Investment tips for May: Two stocks held by Rakesh Jhunjhunwala seen as multibaggers; see what experts say
There are two stocks on which analysts are quite upbeat, and believe will rise further ahead. These two are seen to make big bull Rakesh Jhunjhunwala richer in near term.
The May month on Dalal Street kicked off on a positive note. The benchmark Sensex index touched an intraday high of 39,189.95, however, was trading at 39,086.56 up by 55.01 or 0.14% at around 1431 hours. Similarly, Nifty 50 was trading at 11,754.85 slightly higher by 6.70 points or 0.06%. Gainers list on Sensex was led by Yes Bank, Kotak Mahindra Bank, Power Grid, Hero Motocorp, Bharti Airtel, HDFC, HDFC Bank, Bajaj Finance and Bajaj Auto. Now that the current month has begun promising for investors, the real question is which stock can help add more money in their kitty. Interestingly, there are two stocks on which analysts are quite upbeat, and believe will rise further ahead. These two are seen to make big bull Rakesh Jhunjhunwala richer in near term. Notably, Jhunjhunwala has in fact also increased his holding in one of them during Q4FY19. Here’s what you must know!
Dewan Housing Finance Corp Ltd (DHFL):
Sameer Kalra, Equity Research Analyst & Founder Target Investing said, "Company was able to pay interest on principal of Rs. 838cr to NCD holders which is short term positive though we are Negative on the company but this would create an intraday bounce."
Kalra has given a target price of between Rs 142 to Rs 156.
Currently, DHFL shares trade at Rs 136.05 up by 0.96% on BSE. However, the company has already touched an intraday high and low of Rs 142 and Rs 130.30 per piece respectively. Hence, one can fetch this stock for short term gains.
During Q4FY19, DHFL was the second stock were Jhunjhunwala increased his holding most by 0.73%, after VIP Industries.
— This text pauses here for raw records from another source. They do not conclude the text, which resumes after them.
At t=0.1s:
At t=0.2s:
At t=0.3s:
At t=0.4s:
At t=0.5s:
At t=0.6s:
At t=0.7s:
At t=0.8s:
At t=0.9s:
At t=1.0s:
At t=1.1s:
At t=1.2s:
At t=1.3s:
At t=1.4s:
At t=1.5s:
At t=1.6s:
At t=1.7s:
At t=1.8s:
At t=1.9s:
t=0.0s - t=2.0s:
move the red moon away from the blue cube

Now the ace investor holds 3.19% stake in DHFL with 10,000,000 shares worth Rs 138.6 crore.
MCX:
According to Ashika Stock Broking, MCX has strong moat and thus faces minimal threat in the commodity business from competitors. Despite the launch of commodity derivatives by BSE and NSE in October 2018, both exchanges have failed to generate enough volumes to topple MCX from the top. On the contrary, MCX has improved market share in FY19 and retained its market leadership position with share at 91.6% (89.58% in FY18).
MCX’s Q4FY19 average daily traded value (ADTV) has been higher by 1.4% QoQ and 13.3% YoY at Rs 26,981 crore, the highest in 5 years. This signal continued recovery from the lows of Q1FY18 and led by uptrend in bullion (up 28% YoY, driven by volumes) and energy (up 28% YoY, driven by high crude prices).
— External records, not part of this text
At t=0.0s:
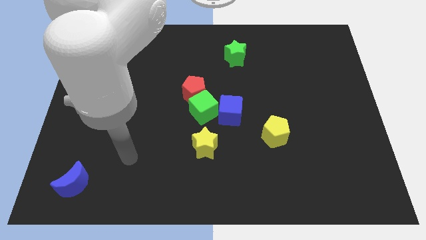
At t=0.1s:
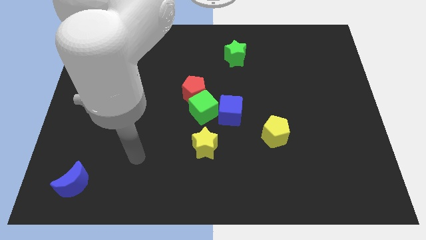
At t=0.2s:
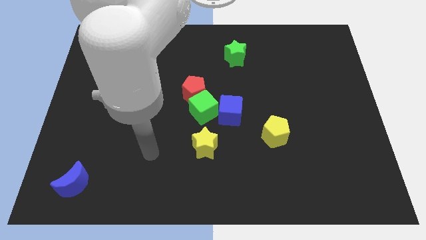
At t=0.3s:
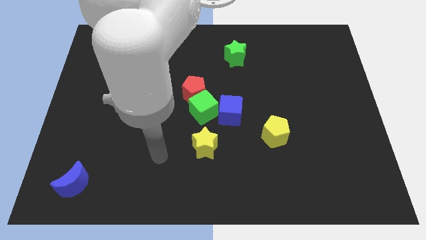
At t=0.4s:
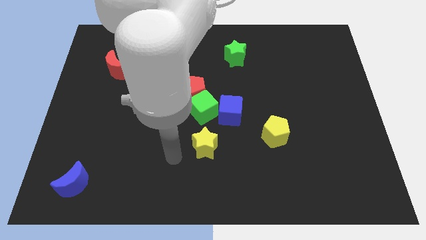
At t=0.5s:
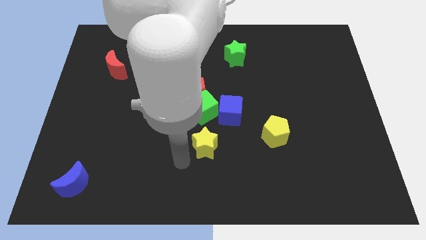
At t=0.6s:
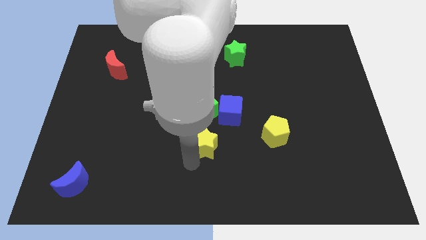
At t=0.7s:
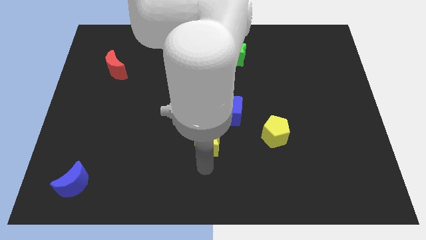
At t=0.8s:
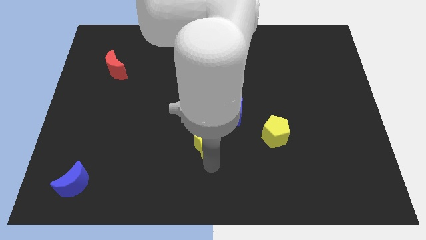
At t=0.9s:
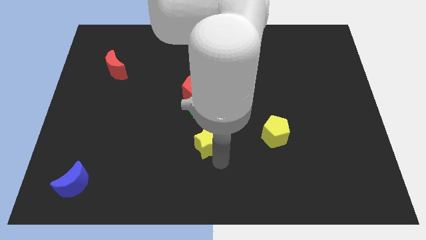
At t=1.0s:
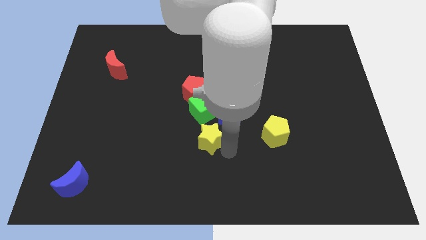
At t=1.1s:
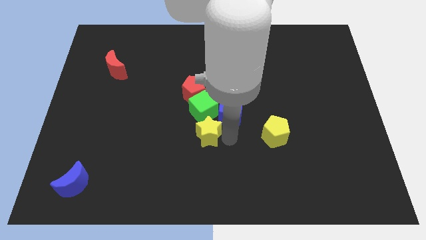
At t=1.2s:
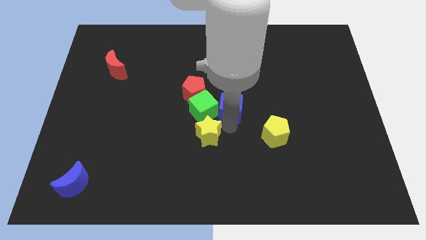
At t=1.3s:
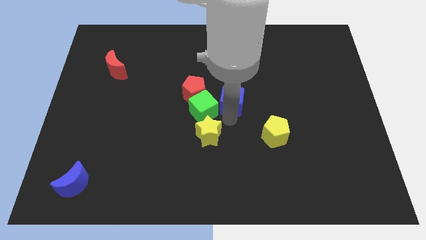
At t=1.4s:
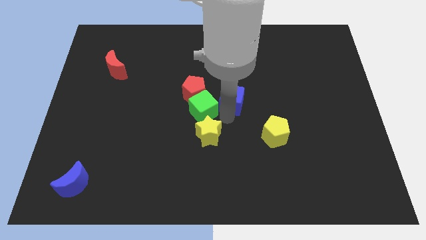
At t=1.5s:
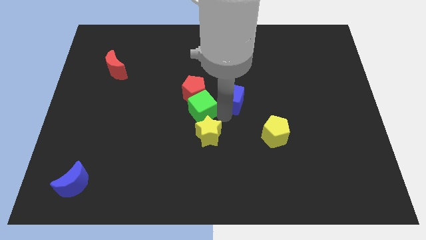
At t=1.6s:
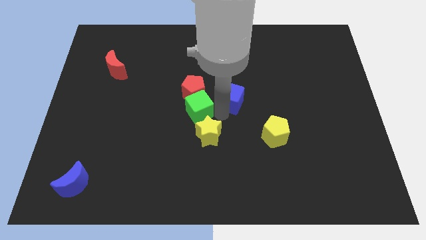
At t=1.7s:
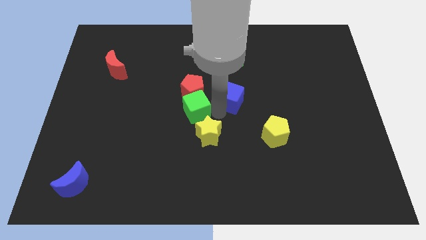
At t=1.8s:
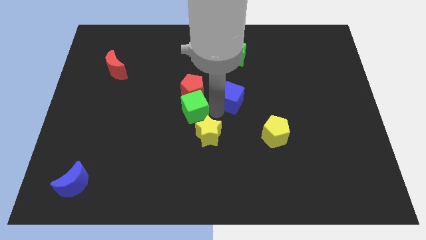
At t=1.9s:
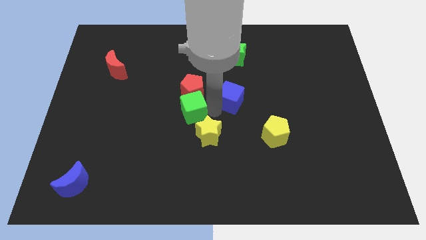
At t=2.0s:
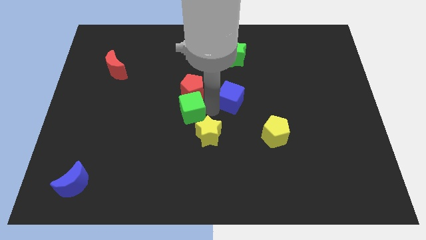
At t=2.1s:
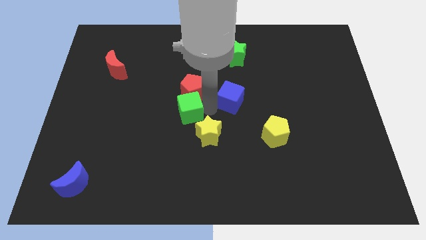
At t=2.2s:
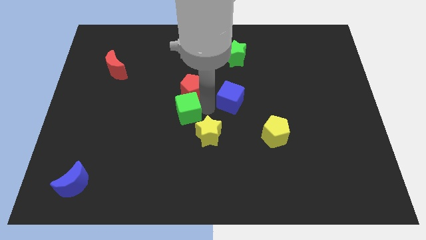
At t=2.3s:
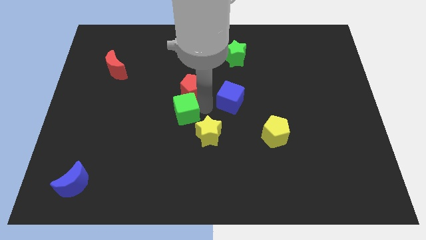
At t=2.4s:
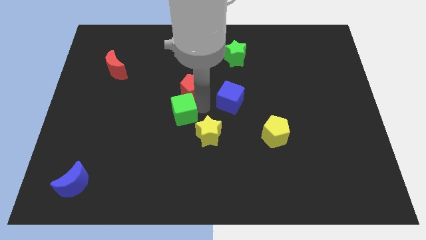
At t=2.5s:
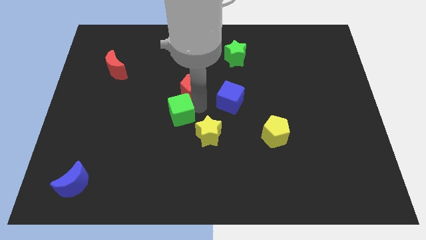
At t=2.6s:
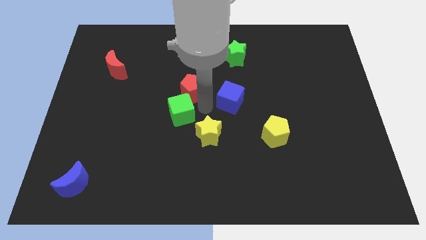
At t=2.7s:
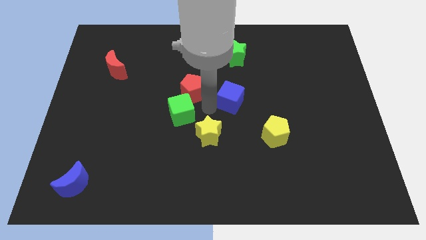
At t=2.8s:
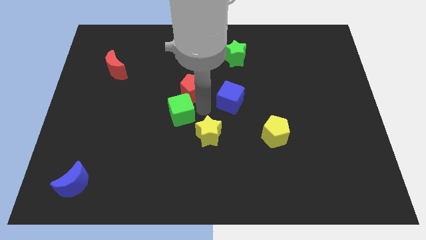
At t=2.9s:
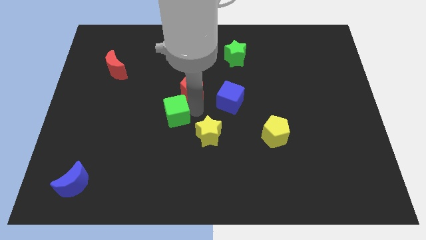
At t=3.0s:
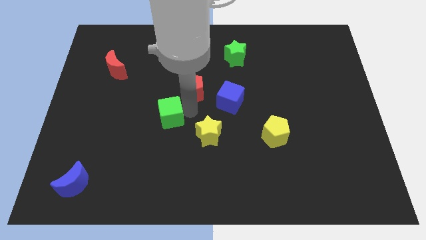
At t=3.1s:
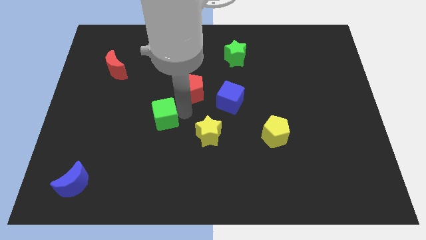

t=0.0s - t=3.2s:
move the green cube away from the group of blocks

Also, Aashika highlights that, MCX Q4FY19 numbers came broadly in line with consensus estimates except net profitability which came ahead of estimate on account of one-time tax reversal. Revenue during the quarter grew by 2.9% QoQ at Rs 79.1 crore, led by 1.4% QoQ increase in volume and 0.5% increase in realizations. Volume growth during FY19 recovered strongly by growing 22.5% vs decline of 6.5% in FY18.
Hence, the analysts at Aashika said, “ we hold a positive view on the stock and recommend our investors to BUY the scrip with target of Rs. 1,005 from 12-18 months investment perspective. Currently, the scrip is valued at P/E multiple of 26x on FY20E Bloomberg consensus EPS of Rs 33.0.”
At present, the MCX share price was trading at Rs 856.80 per piece muted compared to previous trading session on Sensex. The company has however touched an intraday high and low of Rs 876 and Rs 848 per piece respectively.
In MCX, Jhunjhunwala holds 3.92% stake with 2,000,000 shares worth Rs 175 crore.